Monday, March 31, 2025

Oromay (1983) by Baalu Girma

 Book Review
Oromay (1983)
by Baalu Girma

   Oromay is an Amharic language novel written by a member of the Ethiopian Communist elite circa 1980.  It proved, let us say, controversial in his native Ethiopia, where the Communist Derg were not known for their sense of humor, and where Girma was allegedly murdered by said Communist government of which he was a member.  Easy come, easy go! Oromay is about the lengthy, unsuccessful and ultimately pointless war between Ethiopia and Eritrea.
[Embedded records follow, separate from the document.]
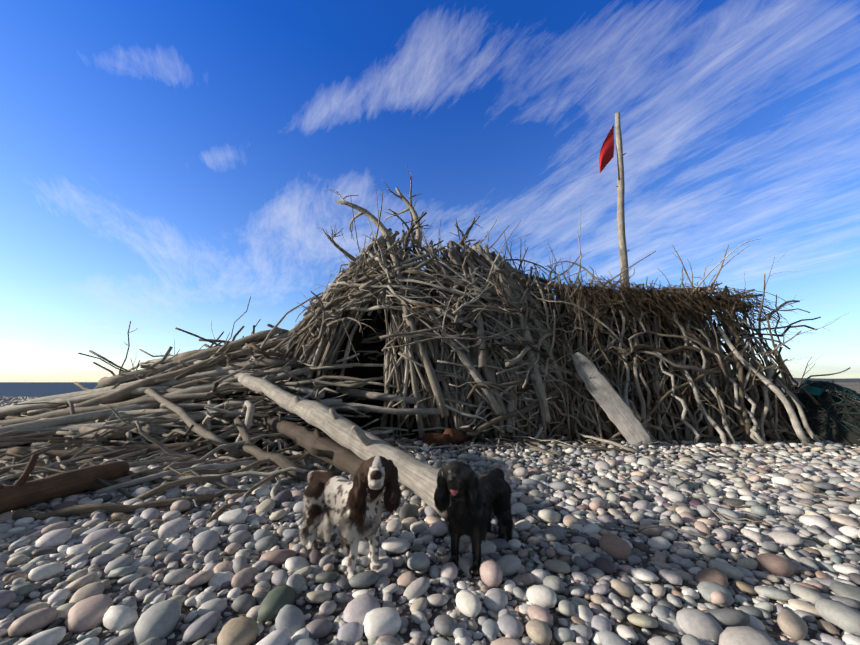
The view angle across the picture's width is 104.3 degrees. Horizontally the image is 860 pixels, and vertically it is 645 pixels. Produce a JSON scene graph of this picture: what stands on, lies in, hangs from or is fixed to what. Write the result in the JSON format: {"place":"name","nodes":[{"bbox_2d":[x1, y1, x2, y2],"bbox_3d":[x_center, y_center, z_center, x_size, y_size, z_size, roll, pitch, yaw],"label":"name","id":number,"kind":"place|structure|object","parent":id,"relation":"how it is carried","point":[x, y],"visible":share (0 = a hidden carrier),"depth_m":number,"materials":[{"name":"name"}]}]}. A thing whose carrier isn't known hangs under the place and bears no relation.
{"place":"outdoors","nodes":[
{"label":"outdoors","id":0,"kind":"place"},
{"bbox_2d":[0,382,97,396],"bbox_3d":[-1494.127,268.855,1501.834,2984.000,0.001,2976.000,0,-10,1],"label":"sea","id":1,"kind":"structure","parent":0,"point":[24,389],"depth_m":57.17,"materials":[{"name":"blue liquid"}]},
{"bbox_2d":[0,382,859,644],"bbox_3d":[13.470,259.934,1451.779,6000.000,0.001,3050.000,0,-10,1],"label":"beach ground","id":2,"kind":"structure","parent":0,"point":[775,634],"depth_m":1.80,"materials":[{"name":"grey stone"}]},
{"bbox_2d":[0,287,637,524],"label":"driftwood pile","id":3,"kind":"object","parent":2,"relation":"on","point":[126,414],"depth_m":5.15,"materials":[{"name":"grey wood"}]},
{"bbox_2d":[331,281,503,438],"bbox_3d":[-0.046,1.251,8.089,6.659,4.448,3.355,0,-10,1],"label":"tipi shelter","id":4,"kind":"object","parent":2,"relation":"on","point":[366,372],"visible":0.02,"depth_m":7.63,"materials":[{"name":"black"}]},
{"bbox_2d":[0,396,858,406],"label":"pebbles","id":5,"kind":"object","parent":2,"relation":"on","point":[6,400],"visible":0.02,"depth_m":19.80,"materials":[{"name":"stone"}]},
{"bbox_2d":[0,452,859,644],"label":"pebbles","id":6,"kind":"object","parent":2,"relation":"on","point":[89,605],"visible":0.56,"depth_m":1.96,"materials":[{"name":"stone"}]},
{"bbox_2d":[299,456,400,579],"bbox_3d":[-0.517,1.130,2.089,0.307,0.663,0.946,10,-14,-44],"label":"spaniel dog","id":7,"kind":"object","parent":6,"relation":"on","point":[353,510],"visible":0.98,"depth_m":1.90,"materials":[{"name":"fur"}]},
{"bbox_2d":[18,439,859,538],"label":"beach debris","id":8,"kind":"object","parent":6,"relation":"on","point":[693,533],"visible":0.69,"depth_m":2.81,"materials":[{"name":"wood"}]},
{"bbox_2d":[433,460,513,576],"bbox_3d":[0.297,1.159,2.154,0.292,0.628,0.928,-6,-12,30],"label":"black dog","id":9,"kind":"object","parent":6,"relation":"on","point":[474,504],"visible":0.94,"depth_m":1.94,"materials":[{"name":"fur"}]},
{"bbox_2d":[3,428,859,460],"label":"pebbles","id":10,"kind":"object","parent":2,"relation":"on","point":[830,449],"visible":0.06,"depth_m":5.14,"materials":[{"name":"stone"}]},
{"bbox_2d":[784,392,859,448],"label":"fishing net heap","id":11,"kind":"object","parent":10,"relation":"on","point":[850,438],"visible":0.27,"depth_m":5.99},
{"bbox_2d":[415,428,469,445],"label":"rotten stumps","id":12,"kind":"object","parent":2,"relation":"on","point":[448,436],"visible":0.75,"depth_m":5.54,"materials":[{"name":"brown wood"}]},
{"bbox_2d":[283,168,849,445],"bbox_3d":[2.096,-0.631,7.844,12.047,6.308,5.565,0,-10,1],"label":"driftwood shelter","id":13,"kind":"object","parent":2,"relation":"on","point":[521,377],"visible":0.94,"depth_m":6.51,"materials":[{"name":"wood"}]},
{"bbox_2d":[572,352,652,446],"bbox_3d":[3.208,1.353,5.981,1.170,1.720,0.099,-7,-12,35],"label":"leaning plank","id":14,"kind":"object","parent":2,"relation":"on","point":[619,412],"visible":0.9,"depth_m":5.93,"materials":[{"name":"grey wood"}]},
{"bbox_2d":[542,303,747,436],"bbox_3d":[4.076,1.026,7.957,5.650,2.926,2.550,0,-10,1],"label":"shelter hut","id":15,"kind":"object","parent":2,"relation":"on","point":[664,339],"depth_m":7.22,"materials":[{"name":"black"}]},
{"bbox_2d":[615,112,628,286],"bbox_3d":[4.642,-2.696,8.170,0.546,5.513,0.213,0,-10,1],"label":"flagpole","id":16,"kind":"object","parent":15,"relation":"on","point":[623,250],"visible":0.81,"depth_m":8.17,"materials":[{"name":"beige wood"}]},
{"bbox_2d":[599,124,613,173],"bbox_3d":[4.453,-4.387,8.431,0.536,1.475,0.065,1,-10,-8],"label":"flag","id":17,"kind":"object","parent":16,"relation":"attached to","point":[606,156],"visible":1,"depth_m":8.41,"materials":[{"name":"red fabric"}]},
{"bbox_2d":[778,381,859,443],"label":"fishing net strands","id":18,"kind":"object","parent":2,"relation":"on","point":[852,394],"visible":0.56,"depth_m":6.12},
{"bbox_2d":[799,380,827,395],"bbox_3d":[7.438,1.262,6.488,0.420,0.153,0.280,-8,15,-29],"label":"tarp","id":19,"kind":"object","parent":18,"relation":"on","point":[813,390],"visible":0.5,"depth_m":6.38,"materials":[{"name":"teal plastic"}]},
{"bbox_2d":[0,0,859,381],"label":"sky","id":20,"kind":"structure","parent":0,"point":[166,165],"materials":[{"name":"blue"}]},
{"bbox_2d":[771,377,859,381],"bbox_3d":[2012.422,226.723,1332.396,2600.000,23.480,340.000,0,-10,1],"label":"distant headland","id":21,"kind":"structure","parent":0,"point":[835,380],"depth_m":1381.84,"materials":[{"name":"blue liquid"}]}
]}

Historically, Eritrea was a province of the Ethiopian empire, and independence was tied to the Italian colonization of the area (the title of the novel is an Ethiopianisation of an Italian expression), but it was basically a decades long civil war that Ethiopia eventually lost.

   In this particular book, Girma covers one unsuccessful campaign among what had to be dozens, and adds an interesting entry to the shelf of books set in 20th century Communist dictatorships.  Honestly, the Ethiopian Communists don't sound half bad, so far as books like this one go. 

Thursday, March 27, 2025

The Argonauts (2015) by Maggie Nelson

100 Best Books of the 21st Century- New York Times
The Argonauts (2015)
by Maggie Nelson
#45

  The Non-fiction portion of the New York Times 1001 Best Books of the 21st Century list should be subtitled, "How the Left Lost the Culture War," because all of these titles celebrate and draw attention to diversity, and different types of diversity, and it is exactly what the right is targeting when the eliminate "DEI" initiatives.   I've written on this blog about the importance I place on diversity and different viewpoints, and while I personally adhere to that view, it's also hard not to see things from the other side, particularly since the other side is in power and is doing whatever they want in that department.
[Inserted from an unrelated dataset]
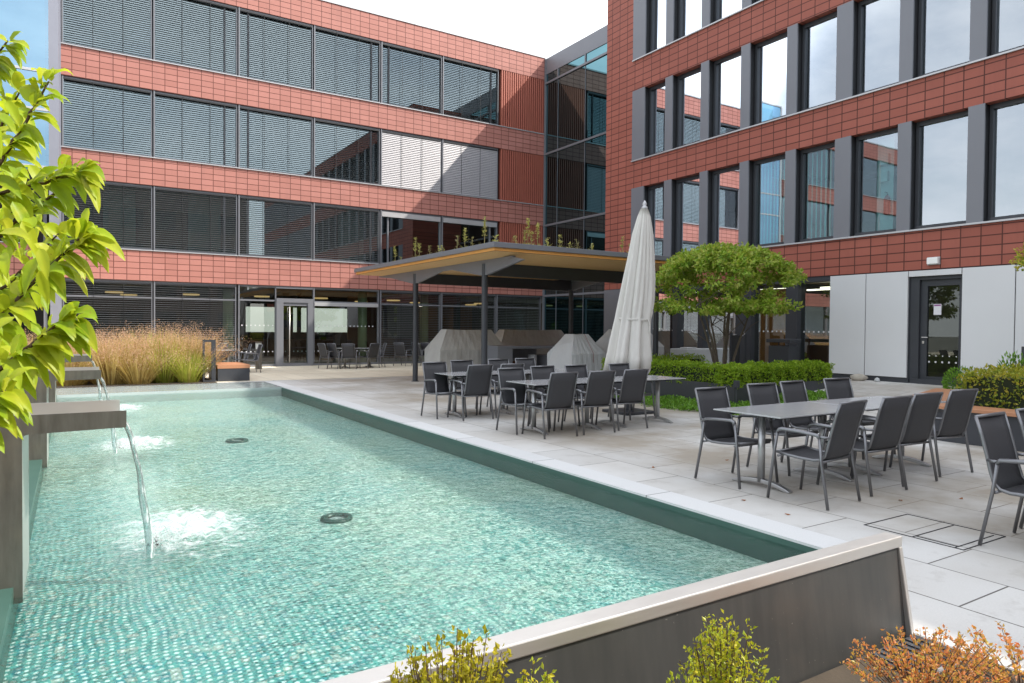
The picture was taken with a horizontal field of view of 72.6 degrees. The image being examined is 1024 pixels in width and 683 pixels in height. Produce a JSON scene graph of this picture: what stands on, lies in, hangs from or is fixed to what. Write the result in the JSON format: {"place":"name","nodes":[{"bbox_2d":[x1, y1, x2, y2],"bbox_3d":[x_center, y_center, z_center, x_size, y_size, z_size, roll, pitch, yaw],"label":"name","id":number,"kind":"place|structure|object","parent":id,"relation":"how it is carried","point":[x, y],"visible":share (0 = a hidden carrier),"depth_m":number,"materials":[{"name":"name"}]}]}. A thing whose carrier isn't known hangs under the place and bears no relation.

   And of course, Maggie Nelson, is no doubt appalled beyond belief by Trump and Trumpism, although there are elements of her reference points which might suggest a post-modern-like joy at the bare face of evil power as it relates to issues like transgenderism and queerness generally.  At the same time, Nelson: a queer, sex positive lesbian in a relationship with a f2m/genderfluid artist (Harry Dodge), writing a book about motherhood and sexuality, is like, exhibit "A" in what the right has SUCCESFULLY critiqued about the left. 

  I imagine a member of the MAGA movement would read three pages of The Argonauts and as dismiss it as deviant trash, and it is the book that the New York Times represents as the 45th best book of this century.  Good for Nelson, Good for the Times, bad for the left and bad for the electoral potential of the Democrats in the middle of the 21st century.